This handout photo released NASA shows a SpaceX Falcon 9 rocket with the company's Crew Dragon spacecraft onboard is seen seen on the launch pad at Launch Complex 39A as preparations continue for the Demo-1 mission on March 1, 2019 at the Kennedy Space Center in Florida. | Photo Credit: JOEL KOWSKY
SpaceX celebrated the successful launch on Saturday of a new astronaut capsule on a week-long round trip to the International Space Station — a key step towards resuming manned space flights from U.S. soil after an eight-year break.
This time around, the only occupant on board SpaceX’s Crew Dragon capsule was a dummy named Ripley — but NASA plans to put two astronauts aboard in July, although that date could be delayed.
The new capsule blasted off aboard the Falcon 9 rocket built by SpaceX — run by billionaire Elon Musk — at 2:49 a.m. (0749 GMT) from the Kennedy Space Center, Florida, lighting up the coastline.
The first and second stages separated without incident, placing Dragon in the Earth’s orbit 11 minutes after take-off.
Every successful stage of the mission — whose planning suffered three-year delays — triggered cheers at the firm’s headquarters and at the Kennedy Space Center.
“I’m a little emotionally exhausted, because that was super stressful but it worked, so far,” Mr. Musk told a late-night press conference an hour later.
“It’s been 17 years, we still haven’t launched anyone yet, but hopefully we will later this year.”
The next tricky step for the capsule will be docking at the ISS on Sunday at around 1100 GMT, with a return to Earth scheduled for next Friday.
It is to splash down in the Atlantic Ocean, and then return to Cape Canaveral. The mission aims to test the vessel’s reliability and safety in real-life conditions.
Ripley — nicknamed in honour of the character played by Sigourney Weaver in the Alien movies — is fitted with monitors to test the forces that future astronauts will be subjected to on takeoff and when they return to the Earth’s atmosphere and then land in the Atlantic, braked by giant parachutes.
The mission’s successful start provided some immediate reassurance.
At the press conference, Mr. Musk asked the two NASA astronauts slated to fly in Dragon: “You guys think it’s a good vehicle?”
They both nodded. “Seeing a success like this, that really gives us a lot confidence in the future,” said one of them, Bob Behnken.
In another success, the rocket’s first stage returned to Earth, landing on a platform 500 km off the Florida coast in the Atlantic. It marks the 35th such recovery by SpaceX.
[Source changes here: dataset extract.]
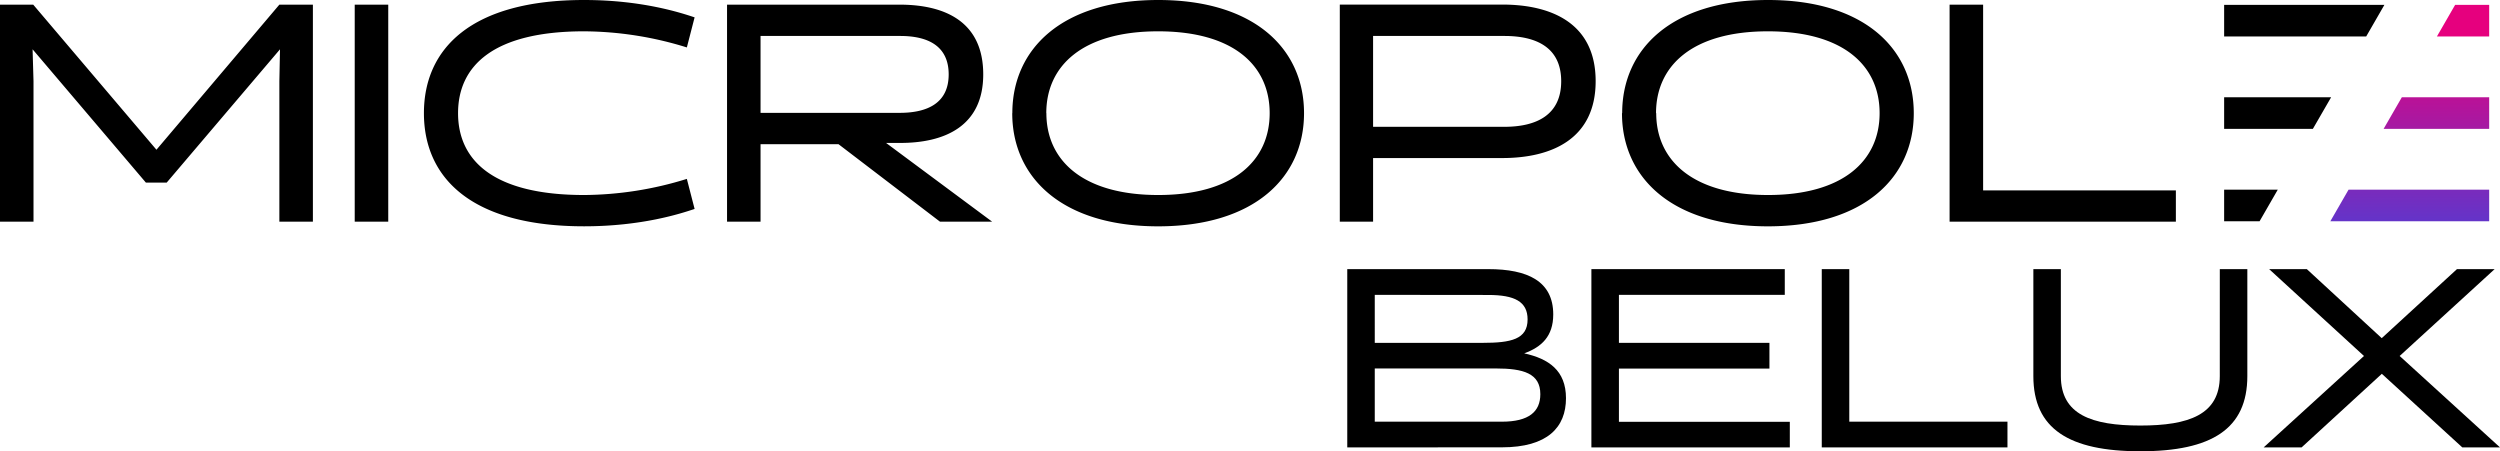 <svg xmlns="http://www.w3.org/2000/svg" xmlns:xlink="http://www.w3.org/1999/xlink" viewBox="0 0 1028.14 185.58"><defs><style>.cls-1{fill:url(#Dégradé_sans_nom_13);}.cls-2{fill:url(#Dégradé_sans_nom_13-2);}.cls-3{fill:url(#Dégradé_sans_nom_13-3);}</style><linearGradient id="Dégradé_sans_nom_13" x1="991.03" y1="95.48" x2="991.03" y2="14.43" gradientUnits="userSpaceOnUse"><stop offset="0" stop-color="#5c37cd"/><stop offset="1" stop-color="#e6007e"/></linearGradient><linearGradient id="Dégradé_sans_nom_13-2" x1="1001.98" y1="95.48" x2="1001.98" y2="14.43" xlink:href="#Dégradé_sans_nom_13"/><linearGradient id="Dégradé_sans_nom_13-3" x1="1012.94" y1="95.48" x2="1012.94" y2="14.43" xlink:href="#Dégradé_sans_nom_13"/></defs><g id="Layer_2" data-name="Layer 2"><g id="Calque_1" data-name="Calque 1"><polygon class="cls-1" points="958.37 90.99 965.86 78 1023.69 78 1023.69 90.99 958.37 90.99"/><polygon class="cls-2" points="987.77 40 1023.69 40 1023.69 52.99 980.28 52.99 987.77 40"/><polygon class="cls-3" points="1009.69 2 1023.69 2 1023.69 14.99 1002.2 14.99 1009.69 2"/><path id="Rectangle_509_copie_8" data-name="Rectangle 509 copie 8" d="M68.55,75.1l46.6-54.82-.26,13.13V91.17h13.79V1.91H114.89L64.34,61.58,13.66,1.91H0V91.16H13.78V33.41L13.4,20.27,60,75.1Zm77.33,16.07h13.79V1.91H145.88V91.16Zm136.59-17.6a144.58,144.58,0,0,1-42.25,6.63c-37.28,0-51.84-14.16-51.84-33.66s14.56-33.66,51.84-33.66a144.25,144.25,0,0,1,42.25,6.63l3.19-12.37C279.92,5.23,264,0,240.22,0c-46.47,0-65.88,20-65.88,46.54s19.41,46.53,65.88,46.53c23.74,0,39.7-5.22,45.44-7.14ZM299,91.17h13.78V59.29h32.05l41.74,31.87h21.45L364.4,58.78h5.36c18.9.13,34.6-7,34.6-28.18,0-21.42-15.32-28.69-34.47-28.69H299V91.16Zm13.78-44.76V14.79h57.45c11.37,0,19.92,4.08,19.92,15.81S381.51,46.41,370,46.41Zm103.51.13c0,26.52,20.55,46.54,60,46.54s60-20,60-46.54S515.78,0,476.33,0s-60,20-60,46.54Zm14,0c0-19.51,14.94-33.66,46-33.66S522.16,27,522.16,46.54,507.23,80.2,476.33,80.2s-46-14.15-46-33.66Zm134.4,44.63V65h53.11c20.55,0,38.42-8,38.42-31.62s-17.87-31.5-38.42-31.5H551V91.16h13.79Zm54-76.38c13.15,0,23.36,4.72,23.36,18.62s-10.21,18.74-23.36,18.74h-54V14.79Zm48.36,31.75c0,26.52,20.55,46.54,60,46.54s60-20,60-46.54S766.58,0,727.13,0s-60,20-60,46.54Zm14,0c0-19.51,14.94-33.66,46-33.66S773,27,773,46.54,758,80.2,727.13,80.2s-46-14.15-46-33.66ZM894.84,91.17V78.29H815.57V1.91H801.78V91.16h93.06ZM973.11,15H914.69V2H980.6ZM951.18,53H914.69V40h44ZM929.26,91H914.69V78h22.06Z"/><path d="M749.21,184V110.68h11.32v62.74h65.05V184Z"/><path d="M912.91,110.68h11.32v44c0,21.69-14.67,30.91-44,30.91s-44-9.22-44-30.91v-44h11.31v44c0,15.82,12.67,20.33,32.68,20.33s32.68-4.51,32.68-20.33Z"/><path d="M1010.44,110.68h15.5L986.87,146.4l41.27,37.6h-15.5l-33.1-30.27-33,30.27H930.93l41.27-37.6-39-35.72h15.5l30.8,28.39Z"/><path d="M654.47,184V110.68H734v10.58H665.79V141h61.9v10.58h-61.9v21.89h70.28V184Z"/><path d="M554.07,184V110.68h58c16.13,0,26.71,4.92,26.71,18.64,0,9-4.82,13.41-11.94,16,10,2.2,17.18,7,17.18,18.44,0,11.94-7.54,20.21-26.4,20.21Zm11.31-62.74V141h44.41c11.63,0,18.44-1.46,18.44-9.63,0-7.34-5.34-10.06-16.13-10.06Zm0,30.27v21.89h52.27c11.21,0,15.82-4.19,15.82-11.31,0-8.59-7-10.58-18.33-10.58Z"/></g></g></svg>

“Today represents a new era in space flight” said Jim Bridenstine, head of the US space agency who sees the launch as a step toward the privatization of low Earth orbit.
After the shuttle programme was shut down in July 2011 following a 30-year run, NASA began outsourcing the logistics of its space missions. It pays Russia to get its people up to the ISS orbiting research facility at a cost of $82 million per head for a round trip.
In 2014, the U.S. space agency awarded contracts to SpaceX and Boeing for them to take over this task.